Directions for this task: Return each line of the records below in which the string "fill" turns up.

Data shown:
========================================================================
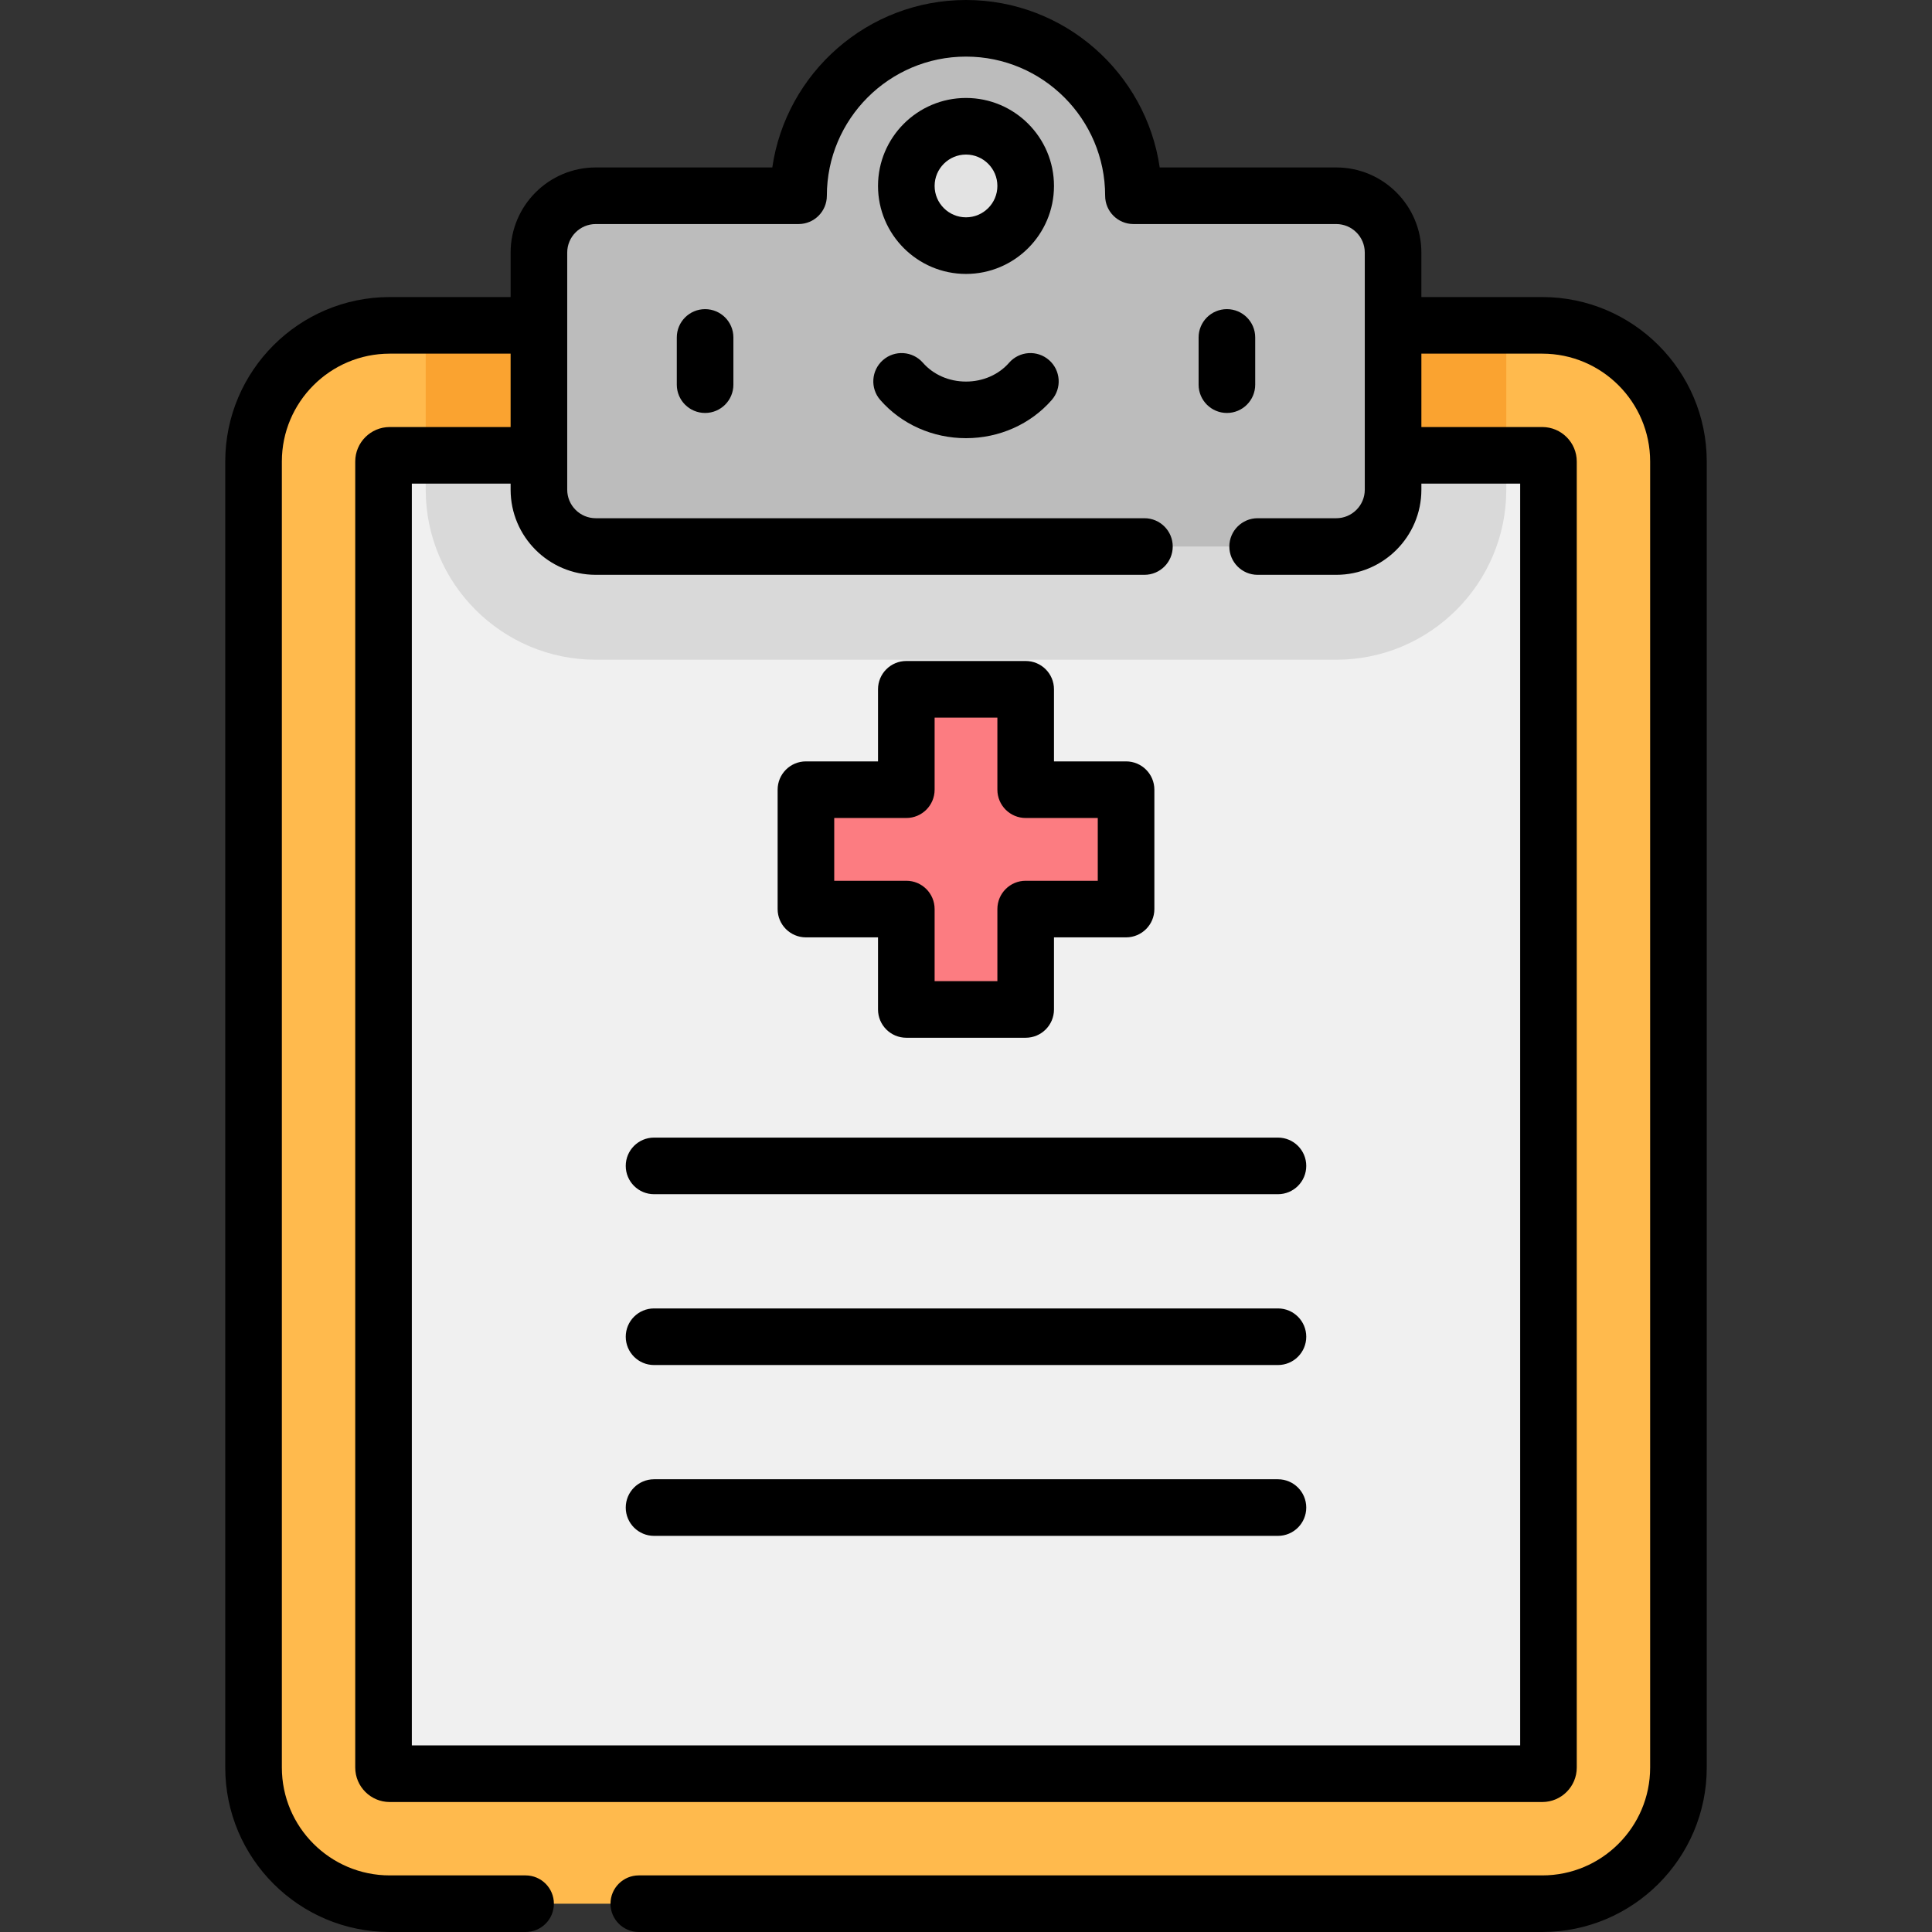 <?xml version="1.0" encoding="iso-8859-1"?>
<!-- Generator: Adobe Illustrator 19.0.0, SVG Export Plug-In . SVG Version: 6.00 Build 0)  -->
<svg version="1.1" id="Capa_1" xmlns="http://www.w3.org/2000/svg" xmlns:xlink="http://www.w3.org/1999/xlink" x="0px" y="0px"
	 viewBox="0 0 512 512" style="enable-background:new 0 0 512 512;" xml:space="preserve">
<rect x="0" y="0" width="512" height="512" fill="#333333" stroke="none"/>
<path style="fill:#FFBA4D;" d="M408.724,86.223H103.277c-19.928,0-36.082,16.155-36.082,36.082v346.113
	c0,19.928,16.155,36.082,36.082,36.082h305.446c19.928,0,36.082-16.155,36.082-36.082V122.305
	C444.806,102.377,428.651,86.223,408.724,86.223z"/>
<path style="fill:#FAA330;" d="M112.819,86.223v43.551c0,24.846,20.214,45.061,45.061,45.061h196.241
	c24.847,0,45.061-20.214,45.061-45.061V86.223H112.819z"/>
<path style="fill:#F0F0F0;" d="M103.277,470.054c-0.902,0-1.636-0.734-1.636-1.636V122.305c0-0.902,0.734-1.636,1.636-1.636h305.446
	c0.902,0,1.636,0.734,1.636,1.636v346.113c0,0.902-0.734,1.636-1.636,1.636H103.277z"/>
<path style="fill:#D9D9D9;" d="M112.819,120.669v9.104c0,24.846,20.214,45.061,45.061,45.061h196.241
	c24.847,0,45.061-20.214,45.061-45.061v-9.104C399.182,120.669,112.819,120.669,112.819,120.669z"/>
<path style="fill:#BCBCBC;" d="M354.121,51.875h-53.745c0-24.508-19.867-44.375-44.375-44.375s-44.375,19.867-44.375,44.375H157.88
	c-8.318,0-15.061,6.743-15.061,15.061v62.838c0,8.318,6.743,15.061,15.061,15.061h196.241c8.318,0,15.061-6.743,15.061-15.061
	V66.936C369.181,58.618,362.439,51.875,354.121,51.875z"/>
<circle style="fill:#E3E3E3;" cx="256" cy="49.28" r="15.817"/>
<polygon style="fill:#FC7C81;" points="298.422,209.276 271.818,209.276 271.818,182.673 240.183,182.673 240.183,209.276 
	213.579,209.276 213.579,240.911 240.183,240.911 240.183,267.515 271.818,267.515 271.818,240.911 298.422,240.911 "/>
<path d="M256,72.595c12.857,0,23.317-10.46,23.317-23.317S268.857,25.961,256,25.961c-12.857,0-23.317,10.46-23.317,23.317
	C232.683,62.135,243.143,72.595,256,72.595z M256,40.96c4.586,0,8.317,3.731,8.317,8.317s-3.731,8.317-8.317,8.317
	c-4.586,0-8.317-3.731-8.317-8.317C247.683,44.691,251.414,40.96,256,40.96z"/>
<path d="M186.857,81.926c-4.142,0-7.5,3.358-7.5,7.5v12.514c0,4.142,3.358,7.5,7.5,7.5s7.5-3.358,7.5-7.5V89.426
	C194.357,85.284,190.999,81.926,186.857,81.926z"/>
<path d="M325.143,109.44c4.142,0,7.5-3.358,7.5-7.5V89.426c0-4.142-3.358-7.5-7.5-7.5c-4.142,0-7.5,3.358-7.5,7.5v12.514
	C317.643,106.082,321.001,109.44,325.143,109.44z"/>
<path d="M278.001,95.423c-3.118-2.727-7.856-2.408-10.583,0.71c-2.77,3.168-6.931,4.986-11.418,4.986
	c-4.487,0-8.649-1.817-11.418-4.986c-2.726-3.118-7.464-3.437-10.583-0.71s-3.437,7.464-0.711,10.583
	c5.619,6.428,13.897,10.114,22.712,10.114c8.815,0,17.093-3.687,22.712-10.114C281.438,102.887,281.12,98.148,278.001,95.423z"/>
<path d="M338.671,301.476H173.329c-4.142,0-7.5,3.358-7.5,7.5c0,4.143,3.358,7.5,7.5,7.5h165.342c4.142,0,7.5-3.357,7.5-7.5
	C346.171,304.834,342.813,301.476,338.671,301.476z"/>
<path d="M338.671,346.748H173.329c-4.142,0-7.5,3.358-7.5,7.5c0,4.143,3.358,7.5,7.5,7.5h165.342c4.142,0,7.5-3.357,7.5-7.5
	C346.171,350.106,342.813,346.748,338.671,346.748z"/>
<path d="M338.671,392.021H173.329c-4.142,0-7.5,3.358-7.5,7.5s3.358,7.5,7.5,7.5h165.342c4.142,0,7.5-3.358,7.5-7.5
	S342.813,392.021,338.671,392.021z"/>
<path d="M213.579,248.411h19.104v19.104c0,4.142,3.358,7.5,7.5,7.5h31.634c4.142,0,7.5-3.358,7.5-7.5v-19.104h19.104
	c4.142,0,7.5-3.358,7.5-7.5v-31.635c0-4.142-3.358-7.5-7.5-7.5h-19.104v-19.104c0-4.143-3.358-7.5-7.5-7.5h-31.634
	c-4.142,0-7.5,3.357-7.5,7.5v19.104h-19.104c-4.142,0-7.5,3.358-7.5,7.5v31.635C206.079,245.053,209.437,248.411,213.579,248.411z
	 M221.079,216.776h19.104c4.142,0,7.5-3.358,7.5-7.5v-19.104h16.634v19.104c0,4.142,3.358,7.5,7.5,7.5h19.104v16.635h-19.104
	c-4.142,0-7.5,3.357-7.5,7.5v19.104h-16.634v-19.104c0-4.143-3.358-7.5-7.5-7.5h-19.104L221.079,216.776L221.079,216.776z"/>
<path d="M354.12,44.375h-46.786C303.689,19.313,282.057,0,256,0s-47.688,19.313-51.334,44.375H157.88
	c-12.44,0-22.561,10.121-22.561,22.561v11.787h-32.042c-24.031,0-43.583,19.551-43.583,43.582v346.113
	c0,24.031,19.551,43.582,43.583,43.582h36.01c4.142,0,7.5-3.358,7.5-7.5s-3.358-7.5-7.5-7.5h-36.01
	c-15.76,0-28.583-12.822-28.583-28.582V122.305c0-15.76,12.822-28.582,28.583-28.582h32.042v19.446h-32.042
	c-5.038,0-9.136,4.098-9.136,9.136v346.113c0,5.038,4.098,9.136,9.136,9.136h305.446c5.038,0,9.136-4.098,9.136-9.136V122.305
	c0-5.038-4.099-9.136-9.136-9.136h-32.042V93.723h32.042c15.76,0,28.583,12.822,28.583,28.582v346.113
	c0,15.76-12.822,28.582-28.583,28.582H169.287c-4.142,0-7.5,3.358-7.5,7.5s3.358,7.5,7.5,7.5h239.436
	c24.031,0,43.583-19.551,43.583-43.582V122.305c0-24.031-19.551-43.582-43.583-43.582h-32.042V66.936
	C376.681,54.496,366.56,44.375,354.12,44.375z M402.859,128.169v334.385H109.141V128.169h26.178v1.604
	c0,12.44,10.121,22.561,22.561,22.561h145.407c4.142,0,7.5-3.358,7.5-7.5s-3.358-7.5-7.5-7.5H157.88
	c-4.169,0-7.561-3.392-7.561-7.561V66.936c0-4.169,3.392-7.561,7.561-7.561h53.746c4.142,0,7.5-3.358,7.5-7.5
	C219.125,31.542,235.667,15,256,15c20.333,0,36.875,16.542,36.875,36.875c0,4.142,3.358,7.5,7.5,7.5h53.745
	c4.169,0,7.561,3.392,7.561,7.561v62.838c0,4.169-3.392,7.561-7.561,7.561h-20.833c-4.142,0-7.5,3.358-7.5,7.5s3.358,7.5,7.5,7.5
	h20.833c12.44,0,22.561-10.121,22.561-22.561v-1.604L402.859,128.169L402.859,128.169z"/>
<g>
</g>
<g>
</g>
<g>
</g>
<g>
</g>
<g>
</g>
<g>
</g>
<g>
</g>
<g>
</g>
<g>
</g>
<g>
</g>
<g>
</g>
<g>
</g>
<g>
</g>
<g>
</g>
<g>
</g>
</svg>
========================================================================
Your response:
<rect x="0" y="0" width="512" height="512" fill="#333333" stroke="none"/>
<path style="fill:#FFBA4D;" d="M408.724,86.223H103.277c-19.928,0-36.082,16.155-36.082,36.082v346.113
<path style="fill:#FAA330;" d="M112.819,86.223v43.551c0,24.846,20.214,45.061,45.061,45.061h196.241
<path style="fill:#F0F0F0;" d="M103.277,470.054c-0.902,0-1.636-0.734-1.636-1.636V122.305c0-0.902,0.734-1.636,1.636-1.636h305.446
<path style="fill:#D9D9D9;" d="M112.819,120.669v9.104c0,24.846,20.214,45.061,45.061,45.061h196.241
<path style="fill:#BCBCBC;" d="M354.121,51.875h-53.745c0-24.508-19.867-44.375-44.375-44.375s-44.375,19.867-44.375,44.375H157.88
<circle style="fill:#E3E3E3;" cx="256" cy="49.28" r="15.817"/>
<polygon style="fill:#FC7C81;" points="298.422,209.276 271.818,209.276 271.818,182.673 240.183,182.673 240.183,209.276 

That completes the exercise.